I use MSE on all systems I built for my clients


----------



## Phantom010

And besides, there are quite a few search engines out there... I'll use Bing on the 23rd.


----------



## valis

like I said, I'll believe Google will voluntarily shut down when I see it.


----------



## CrazyComputerMan

No problem for me!

I'll just ask friends to use TSG instead of Facebook and hey it's 100% better then Facebook. Untilness Mike want to join this campaign but i think he wont


----------



## uDaeth

namenotfound said:


> Is it all of Google (like search), or just their stupid YouTube site?


It would be all of google including all services associated with it most likely (except adsense)


----------



## uDaeth

Phantom010 said:


> And besides, there are quite a few search engines out there... I'll use Bing on the 23rd.


True, but Google isn't just a search engine


----------



## Ent

If this goes ahead, should we have a big notice explaining what's going on to prevent a huge influx of "google isn't working" threads?


----------



## uDaeth

Ent said:


> If this goes ahead, should we have a big notice explaining what's going on to prevent a huge influx of "google isn't working" threads?


I'm sure they'll send out a mass email


----------



## valis

I think he was talking about TSG.......that said, again, I'll believe it when I see it.


----------



## uDaeth

It's something they might or might not do. It's not set in stone yet, but it would make a huge impression on both sides of this bill


----------



## TechGuy

I'd be pretty shocked if any of the big guys (Google, Facebook, Amazon) went through with this. At most, they'll put a splash screen on their home page that you have to read before clicking a "Whatever, Continue" button.


----------



## uDaeth

Sure, but if this bill actually got passed, those companies except for maybe Amazon wouldn't last very long at all. Even though it's probably one of the government fundraising schemes, they need to make as big of a point as they can so it really doesn't get passed.


----------



## valis

Not quite. I am pretty certain that Google and Facebook would continue to flourish regardless of SOPA.


----------



## TechGuy

I agree. And I'm not sure that it would really affect Amazon at all. Google would have the PITA job of having to remove sites from it's search even if they're only suspected of having pirated information on them, but I think they could handle it.


----------



## ekim68

More on this:

More web sites and games going dark to protest SOPA [Update]

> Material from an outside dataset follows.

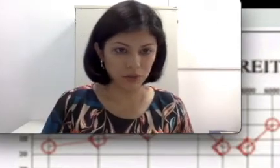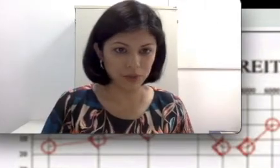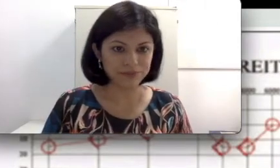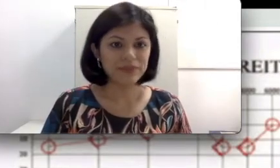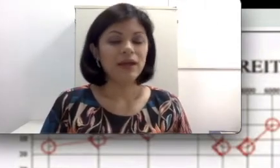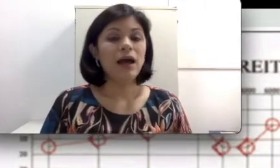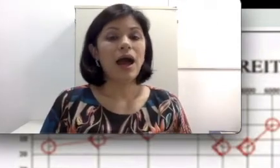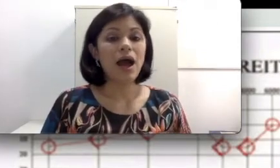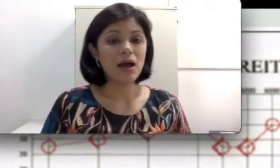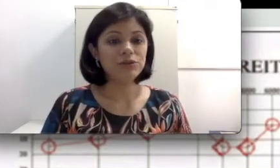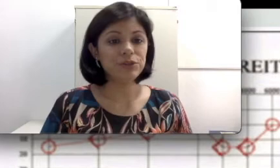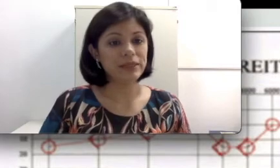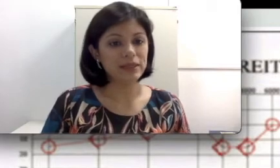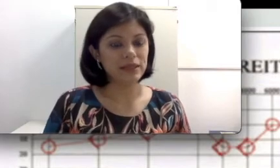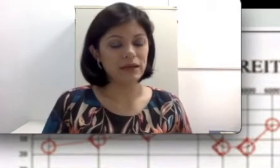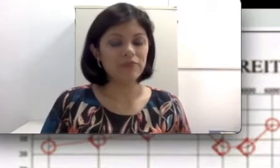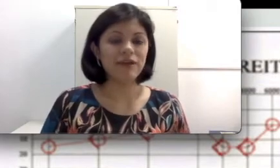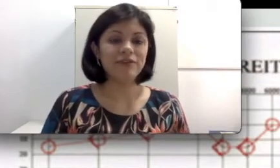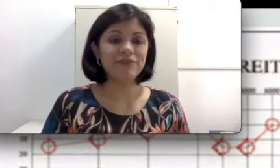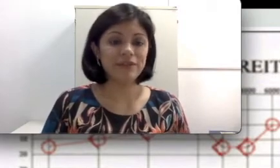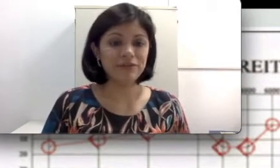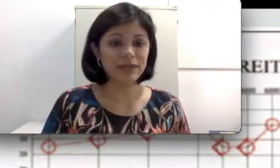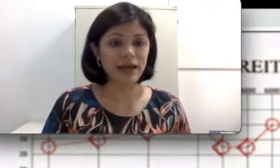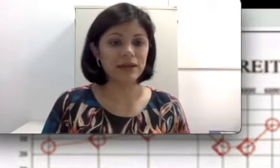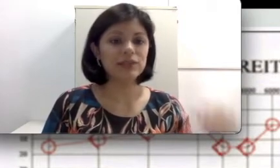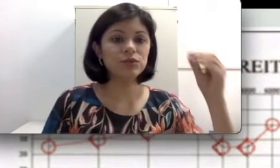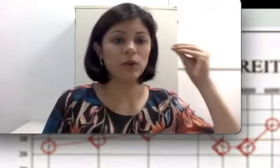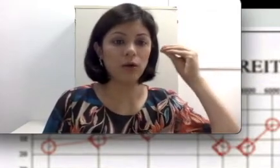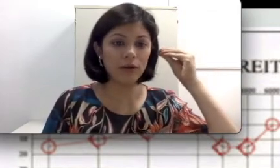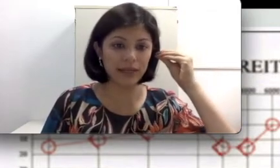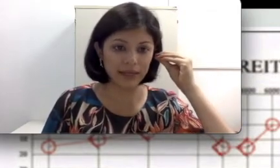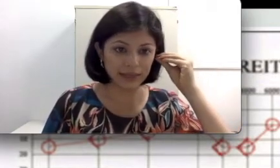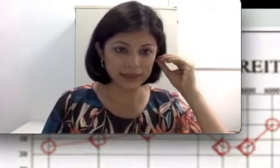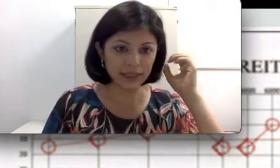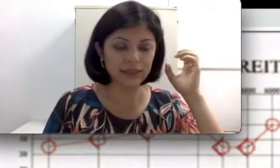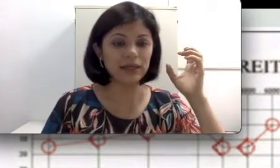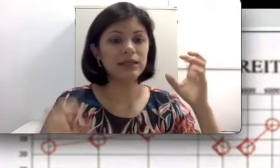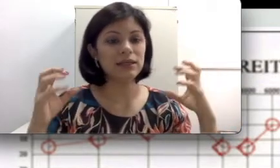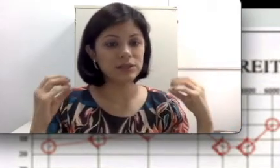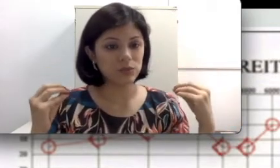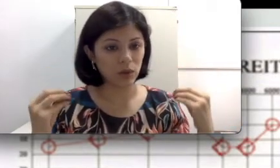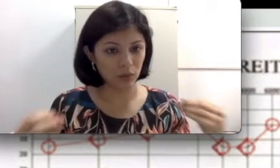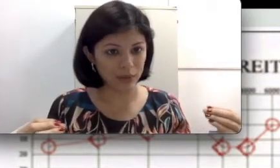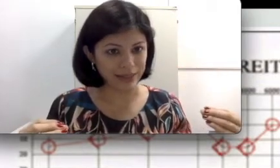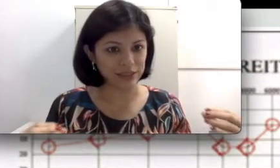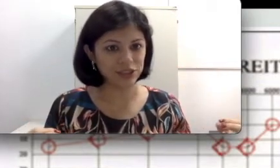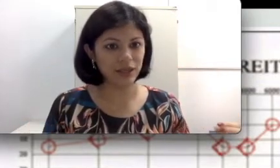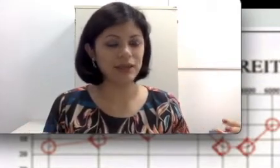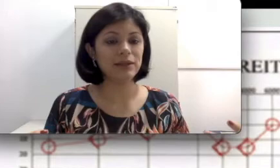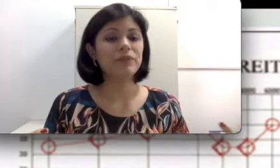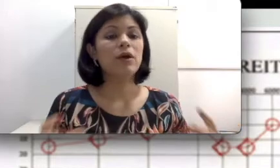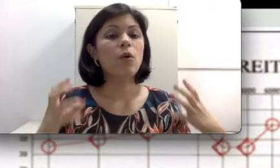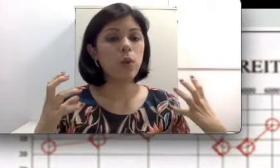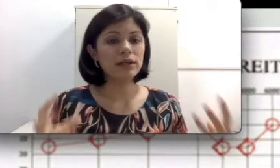A audiometria vai verificar na sua orelha esquerda e na sua orelha direita quais são

> Even though opponents of the proposed Stop Online Piracy Act (SOPA) won a big victory on Friday when it was announced that the DNS blocking provision would be removed from the bill, it looks like the idea of shutting down web sites to protest the bill is gaining steam.
> 
> We have already reported that Reddit plans to shut down for 12 hours on Wednesday, January 18 in their own SOPA protest. Now Marcus "Notch" Persson, the creator of the hit PC game Minecraft, has announced via his Twitter page, "We'll silently take down http://minecraft.net and http://mojang.com on the 18th in protest of SOPA."


----------



## valis

well, wiki is shutting down it's english language site tomorrow.....but that's for PIPA, not SOPA.


----------



## lotuseclat79

Wikipedia will be down tomorrow in protest - Wednesday, January 18, 2012, or maybe up in protest mode without access to its information on its website with only its home webpage???

-- Tom


----------



## valis

as far as I know, they are only shutting down their english language pages.......


----------



## Drabdr

I read that Google will be changing it's home page up tomorrow. So far, I haven't seen any details posted (if any are available).


----------



## dustyjay

Th Wikipedia Protest has started already, the site is blacked out for 24 hours.


----------



## dustyjay

It is the English Pages and the Italian pages so far. The Spanish, Portugese, French, Polish, and other pages do have Black Protest Banners across the top of the pages.


----------



## ekim68

Good for them....How dare Governments change the Internet....:down:


----------



## dustyjay

Considering that Congress and the Senate both rely heavily on Wikipedia for research, I am sure they will feel it today. Then when Google goes dark for them they will feel betrayed. I guess they can go cry to the MPAA and the RIAA about it for comfort.


----------



## valis

Drabdr said:


> I read that Google will be changing it's home page up tomorrow. So far, I haven't seen any details posted (if any are available).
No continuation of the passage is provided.